> Work instructions
Could you copy every record below exactly, leaving out the pictures?

Given data below:

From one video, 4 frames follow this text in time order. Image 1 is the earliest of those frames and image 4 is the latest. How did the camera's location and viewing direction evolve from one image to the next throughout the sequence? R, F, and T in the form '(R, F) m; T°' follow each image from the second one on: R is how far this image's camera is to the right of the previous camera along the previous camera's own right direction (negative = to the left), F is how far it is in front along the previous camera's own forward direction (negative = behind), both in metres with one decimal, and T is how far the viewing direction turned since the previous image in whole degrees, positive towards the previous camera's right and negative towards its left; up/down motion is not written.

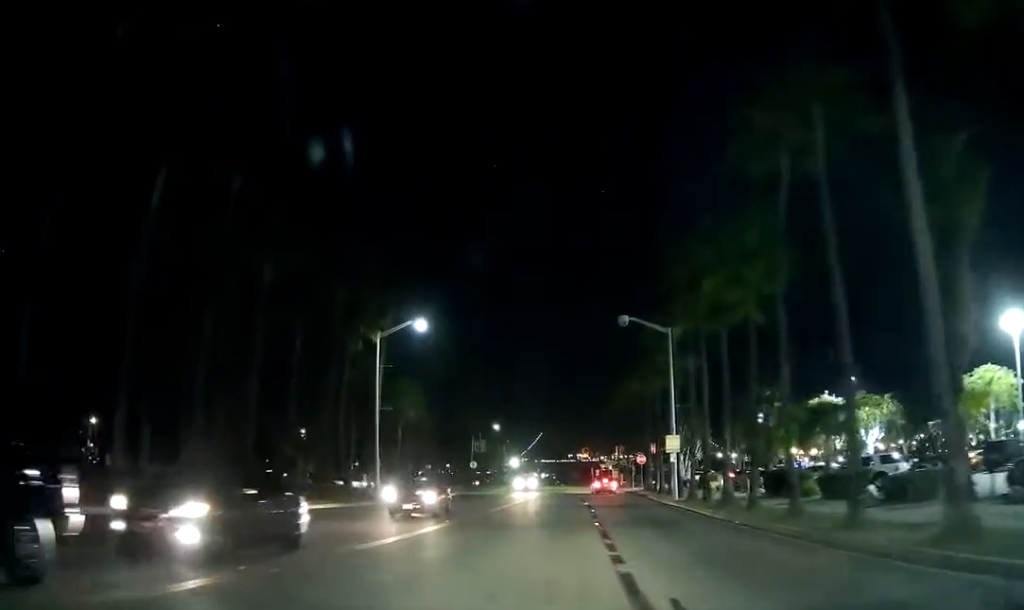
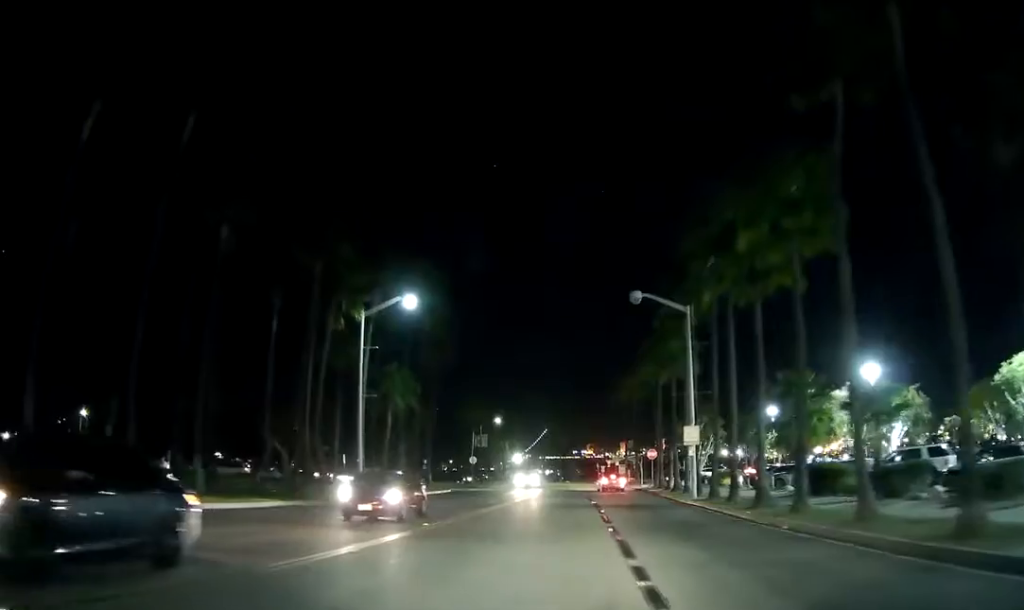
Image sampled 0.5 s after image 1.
(0.0, +4.5) m; 0°
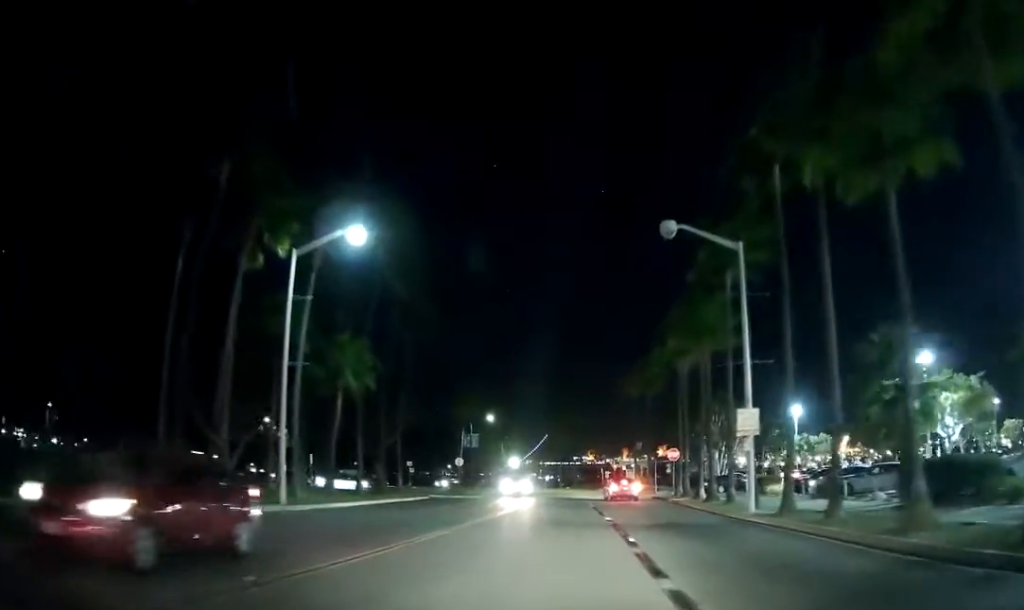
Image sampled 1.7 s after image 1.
(0.0, +11.2) m; 0°
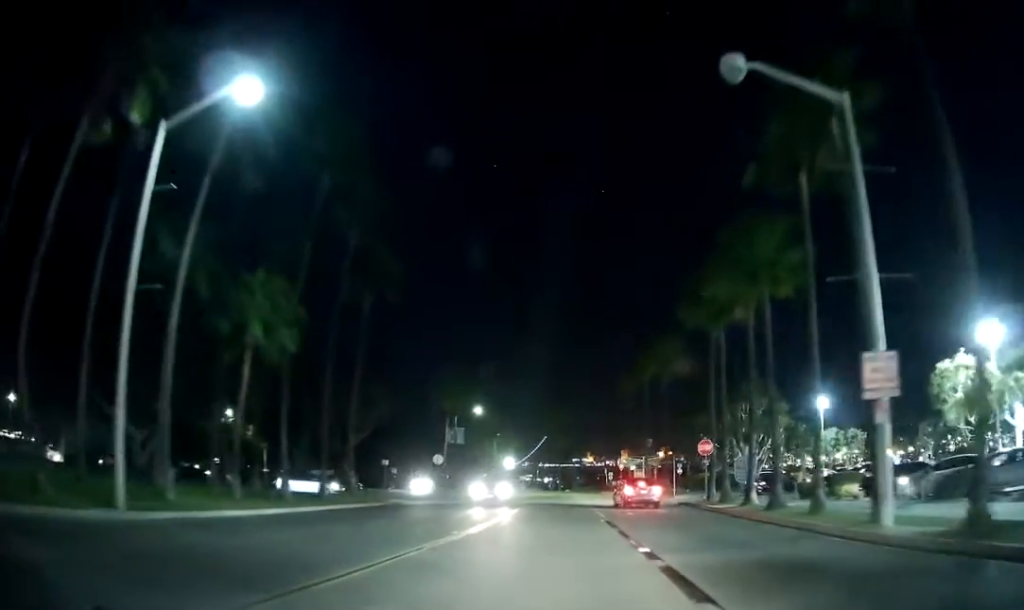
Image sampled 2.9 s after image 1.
(0.0, +10.8) m; +2°
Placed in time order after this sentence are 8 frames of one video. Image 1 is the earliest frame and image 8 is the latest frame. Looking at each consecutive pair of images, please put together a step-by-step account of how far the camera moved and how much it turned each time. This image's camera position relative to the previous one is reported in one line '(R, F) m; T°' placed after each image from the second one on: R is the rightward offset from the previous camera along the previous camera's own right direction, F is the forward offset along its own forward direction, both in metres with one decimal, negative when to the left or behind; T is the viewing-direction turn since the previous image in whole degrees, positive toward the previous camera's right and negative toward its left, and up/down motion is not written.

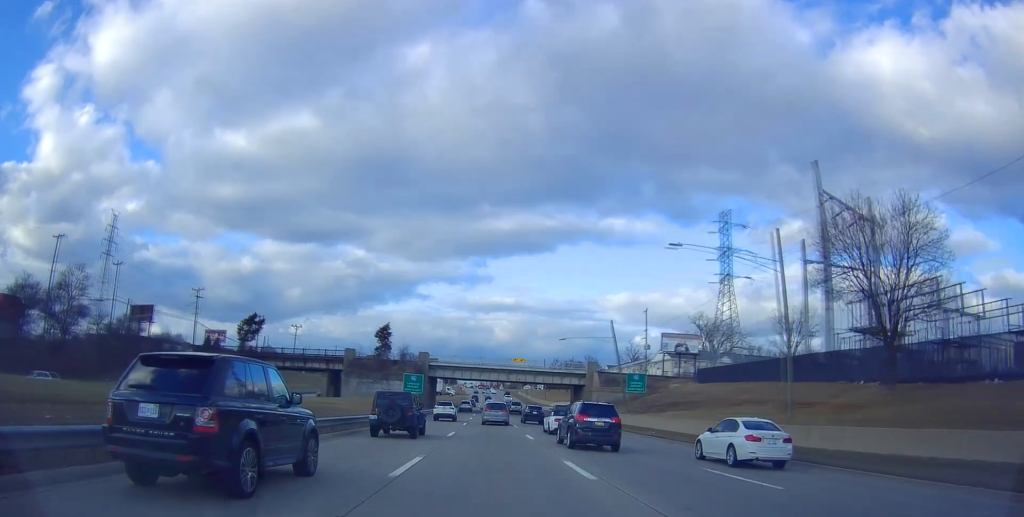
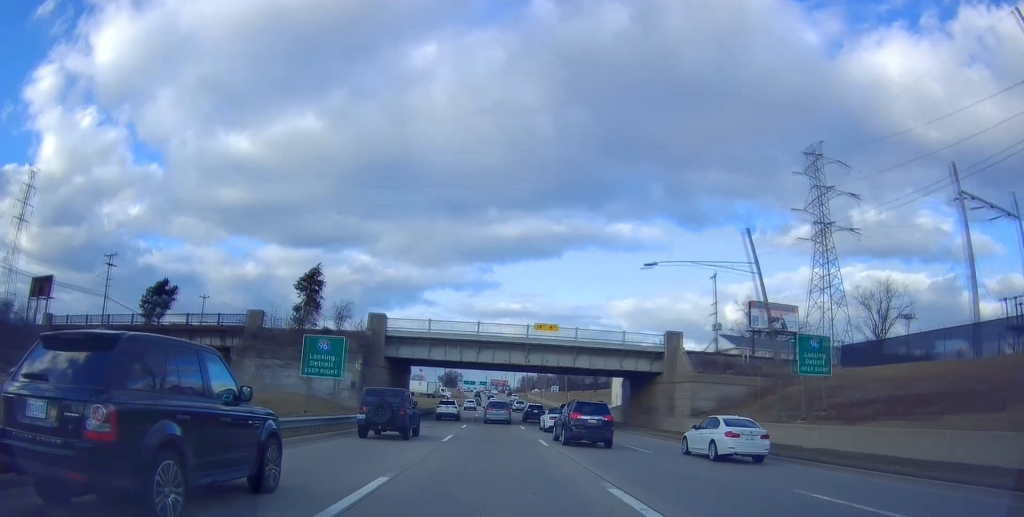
(-0.8, +36.9) m; -1°
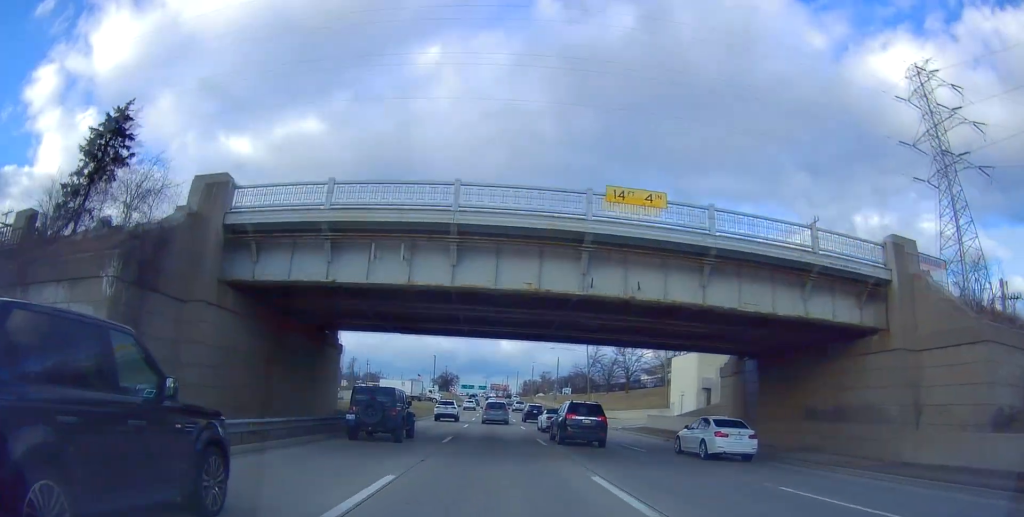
(+0.6, +29.7) m; +2°
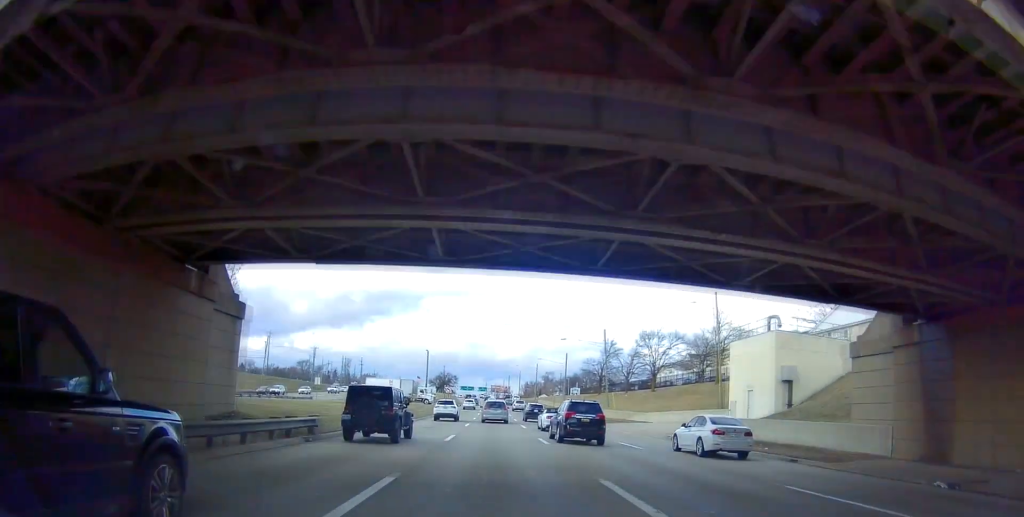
(+0.1, +15.1) m; 0°
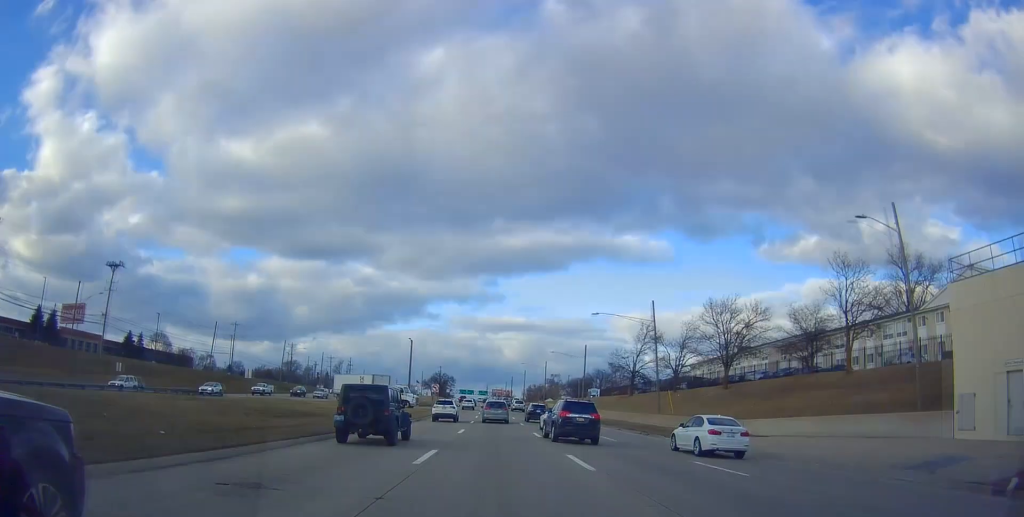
(-0.2, +24.6) m; -2°
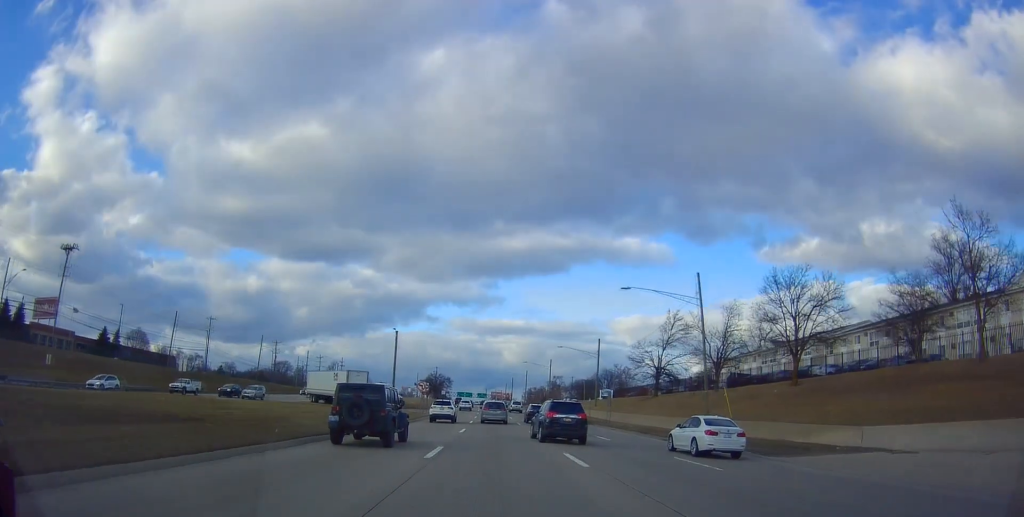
(-0.4, +13.4) m; 0°
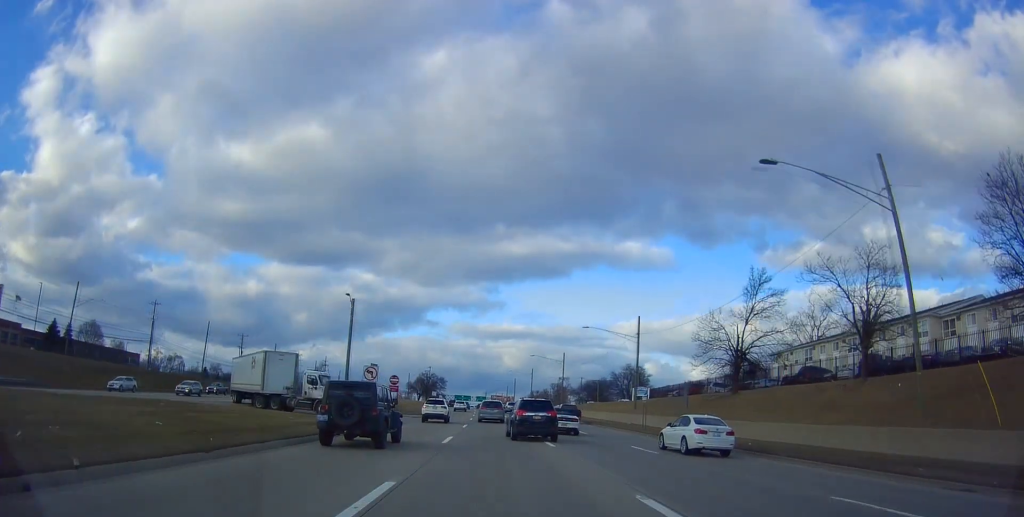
(+0.4, +24.5) m; +1°
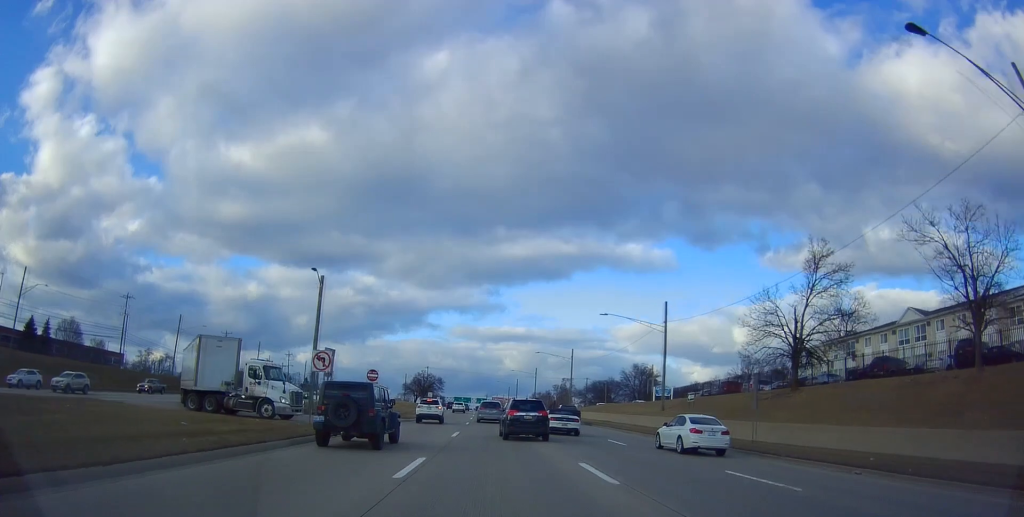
(+0.1, +10.3) m; 0°
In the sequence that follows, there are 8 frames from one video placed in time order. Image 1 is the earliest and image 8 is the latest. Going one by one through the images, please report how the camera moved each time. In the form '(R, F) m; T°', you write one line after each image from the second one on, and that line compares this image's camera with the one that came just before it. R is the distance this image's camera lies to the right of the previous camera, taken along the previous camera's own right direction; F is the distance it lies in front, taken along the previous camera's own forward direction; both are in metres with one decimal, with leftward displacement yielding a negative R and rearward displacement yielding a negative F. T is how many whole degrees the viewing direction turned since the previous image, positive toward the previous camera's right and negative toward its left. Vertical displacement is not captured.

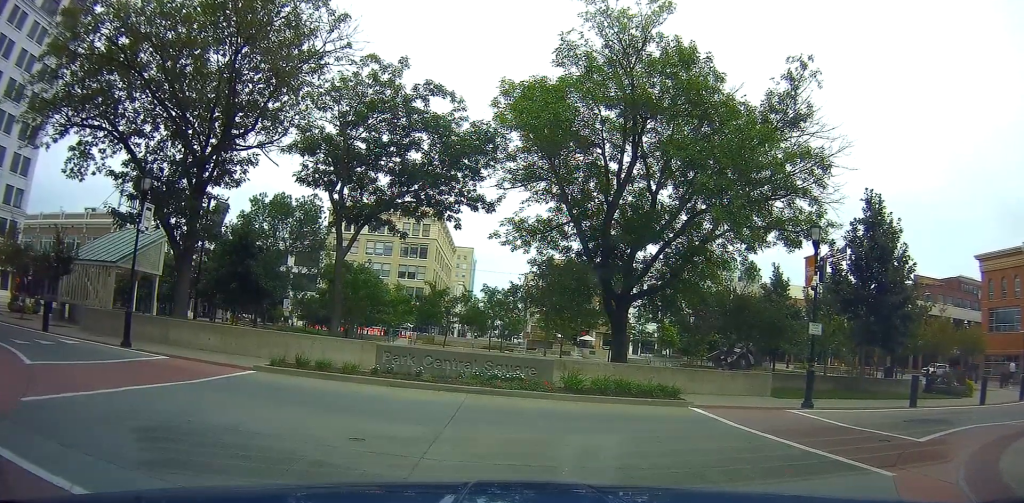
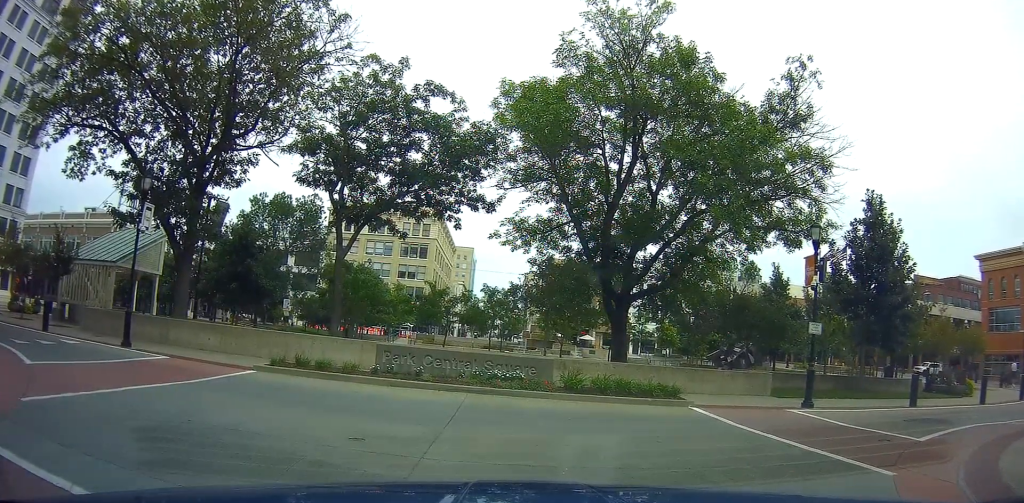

End of Given data.

> Solution below
From one video, 4 frames follow this text in time order. Image 1 is the earliest of those frames and image 4 is the latest. How did the camera's location and viewing direction evolve from one image to the next throughout the sequence? R, F, and T in the form '(R, F) m; T°' follow each image from the second one on: R is how far this image's camera is to the right of the previous camera along the previous camera's own right direction (negative = to the left), F is how far it is in front along the previous camera's own forward direction (negative = behind), both in metres with one decimal, and T is how far the viewing direction turned since the previous image in whole degrees, positive towards the previous camera's right and negative towards its left; up/down motion is not written.

Image sampled 0.5 s after image 1.
(0.0, +4.5) m; 0°
Image sampled 1.7 s after image 1.
(0.0, +11.2) m; 0°
Image sampled 2.9 s after image 1.
(0.0, +10.8) m; +2°
Placed in time order after this sentence are 8 frames of one video. Image 1 is the earliest frame and image 8 is the latest frame. Looking at each consecutive pair of images, please put together a step-by-step account of how far the camera moved and how much it turned each time. This image's camera position relative to the previous one is reported in one line '(R, F) m; T°' placed after each image from the second one on: R is the rightward offset from the previous camera along the previous camera's own right direction, F is the forward offset along its own forward direction, both in metres with one decimal, negative when to the left or behind; T is the viewing-direction turn since the previous image in whole degrees, positive toward the previous camera's right and negative toward its left, and up/down motion is not written.

(-0.8, +36.9) m; -1°
(+0.6, +29.7) m; +2°
(+0.1, +15.1) m; 0°
(-0.2, +24.6) m; -2°
(-0.4, +13.4) m; 0°
(+0.4, +24.5) m; +1°
(+0.1, +10.3) m; 0°
In the sequence that follows, there are 8 frames from one video placed in time order. Image 1 is the earliest and image 8 is the latest. Going one by one through the images, please report how the camera moved each time. In the form '(R, F) m; T°', you write one line after each image from the second one on, and that line compares this image's camera with the one that came just before it. R is the distance this image's camera lies to the right of the previous camera, taken along the previous camera's own right direction; F is the distance it lies in front, taken along the previous camera's own forward direction; both are in metres with one decimal, with leftward displacement yielding a negative R and rearward displacement yielding a negative F. T is how many whole degrees the viewing direction turned since the previous image, positive toward the previous camera's right and negative toward its left. Vertical displacement is not captured.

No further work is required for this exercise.